Students await results of international math competition

    A team of four Palo Alto High School juniors is awaiting its scores after completing a solution for the International Mathematical Modeling Challenge contest in late April as representatives of the United States.

    Palo Alto High School teacher Radu Toma and juniors Allison Zhang, Kathryn Li, Eric Foster and Andrew Lee (left to right) pose in their Advanced Placement Calculus BC class. The team wrote up its solution for the International Mathematical Modeling Challenge competition from April 19 to April 23. Contest results will be out in June. Photo by Lizzie Chun.

    Palo Alto High School teacher Radu Toma and juniors Allison Zhang, Kathryn Li, Eric Foster and Andrew Lee (left to right) pose in their Advanced Placement Calculus BC class. The team wrote up its solution for the International Mathematical Modeling Challenge competition from April 19 to April 23. Toma served as the team’s adviser. Photo by Lizzie Chun.

    Juniors Eric Foster, Andrew Lee, Kathryn Li and Allison Zhang had to solve a real world application problem in a five-day window from mid-April to mid-May. The team submitted its 20 page-long solution at the end of the five days.

    According to the IMMC website, the contest promotes the idea that students and teachers need to “experience the power of mathematics to help better understand, analyze and solve real world problems outside of mathematics itself — and to do so in realistic contexts.”

    After receiving the top score in the nation for its 33 page-long solution at a national mathematical modeling contest earlier this year, the team was selected to represent the U.S. at the international level. Teams from eight other countries are also participating in the IMMC.

    Foster noted that the team’s experience with the national High School Mathematical Contest in Modeling competition improved its efficiency for the IMMC.

    “All of us brought something different to the table for the IMMC,” Foster said. “Since the HiMCM, … we learned how to better put those strengths and weaknesses to work when we were writing. Instead of having everyone do 25 percent of everything, we specialized a little more, and we saw how much that can help when you’re trying to do something as a team.”

    Li said that the international aspect of the IMMC served as motivation for the team.

    “The fact that this was an international competition definitely pushed us to produce a more complete report,” Li said. “There were sections in our previous paper that were hastily put together, and since we had a longer work period, we tried to flesh out our ideas as much as possible within the 20-page limit.”

    Li emphasized that the competition tested more than the team’s ability to solve a math problem.

    “As much as this was a math competition, it was also a test to see how well you could explain your ideas,” Li said. “I feel that my expository writing skills have also improved as a result of this competition.”

    The three possible levels of recognition for the competition in ascending order are Honorable Mention, Meritorious and Outstanding. Teams who receive Outstanding awards will have their solutions published. While Foster says the team hopes to do well, he is happy to have already made it this far.
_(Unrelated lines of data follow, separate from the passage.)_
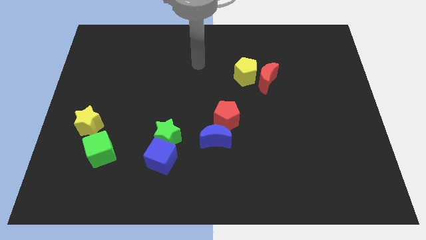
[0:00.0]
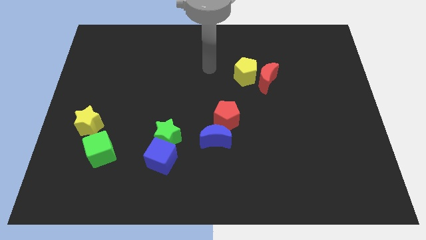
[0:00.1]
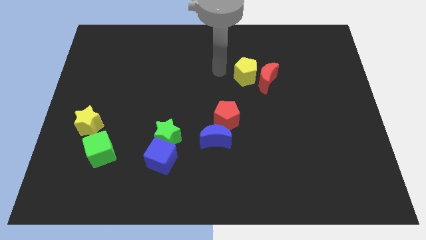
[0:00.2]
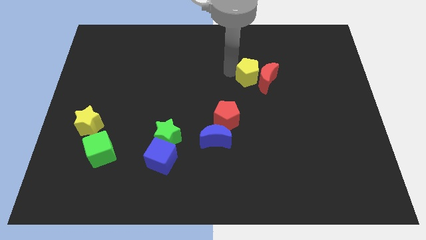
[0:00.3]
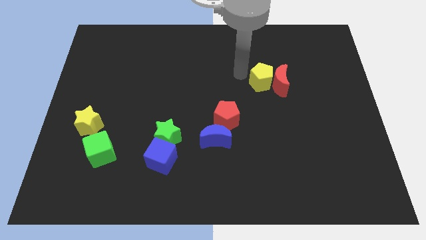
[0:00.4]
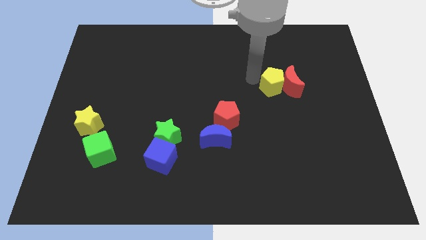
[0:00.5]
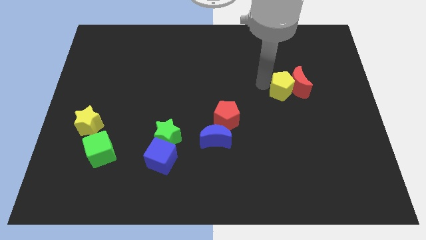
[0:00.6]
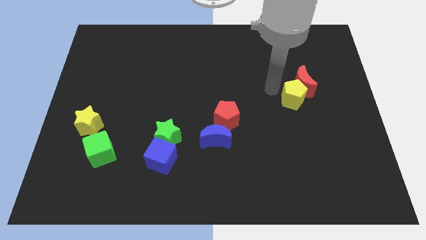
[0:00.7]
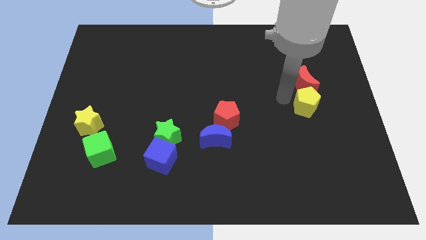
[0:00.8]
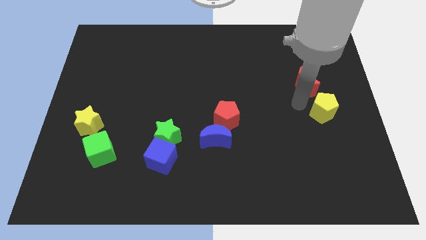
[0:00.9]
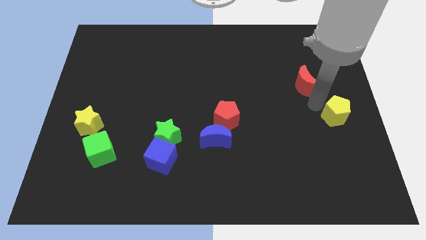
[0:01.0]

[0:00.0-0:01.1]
pull the red moon apart from the yellow pentagon

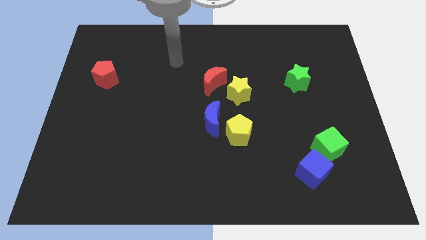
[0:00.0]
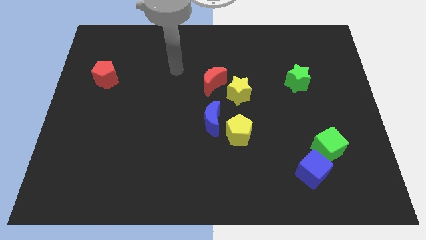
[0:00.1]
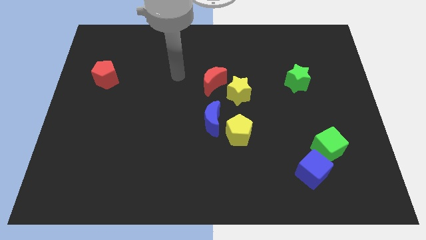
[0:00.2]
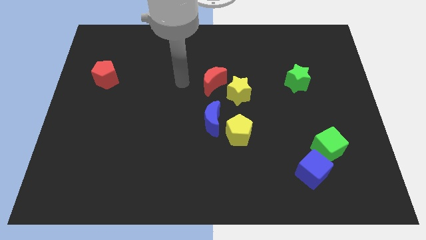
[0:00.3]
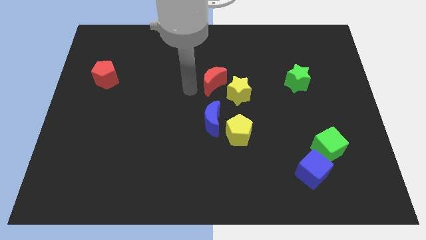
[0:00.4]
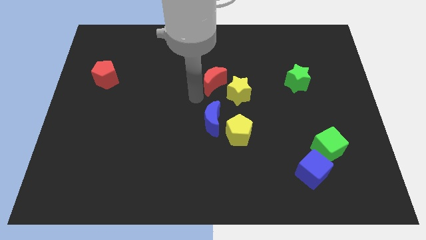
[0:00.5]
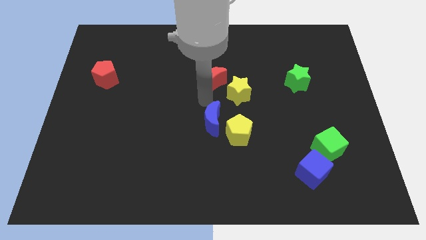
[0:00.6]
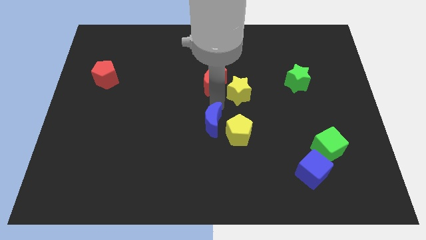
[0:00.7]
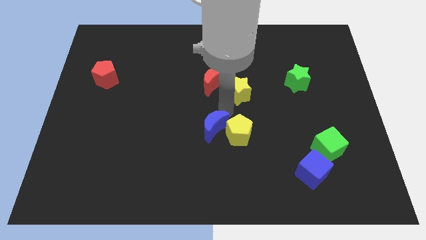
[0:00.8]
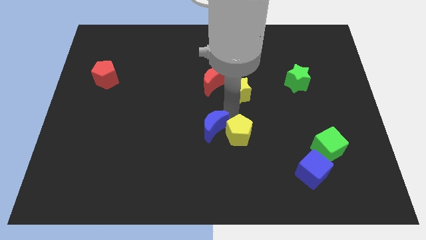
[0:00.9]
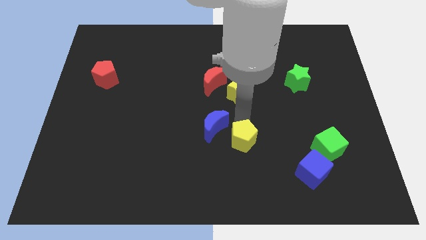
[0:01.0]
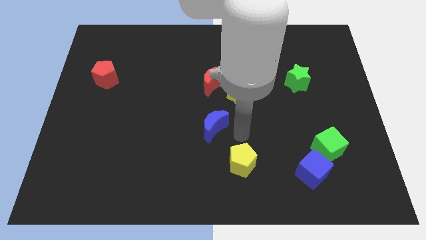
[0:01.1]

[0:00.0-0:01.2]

    “Since the IMMC is completely international and we’re literally competing against the entire world, our expectations aren’t especially high, but just being ranked next to teams from around the world – even if our names are below everyone else’s – is really exciting,” Foster said. “It would be really exciting if they rank our work as Outstanding, but even if we just get Honorable Mention, it’s enough just to have gotten here, and none of us would be too disappointed.”

    The results of the competition will be released in June, according to the IMMC website.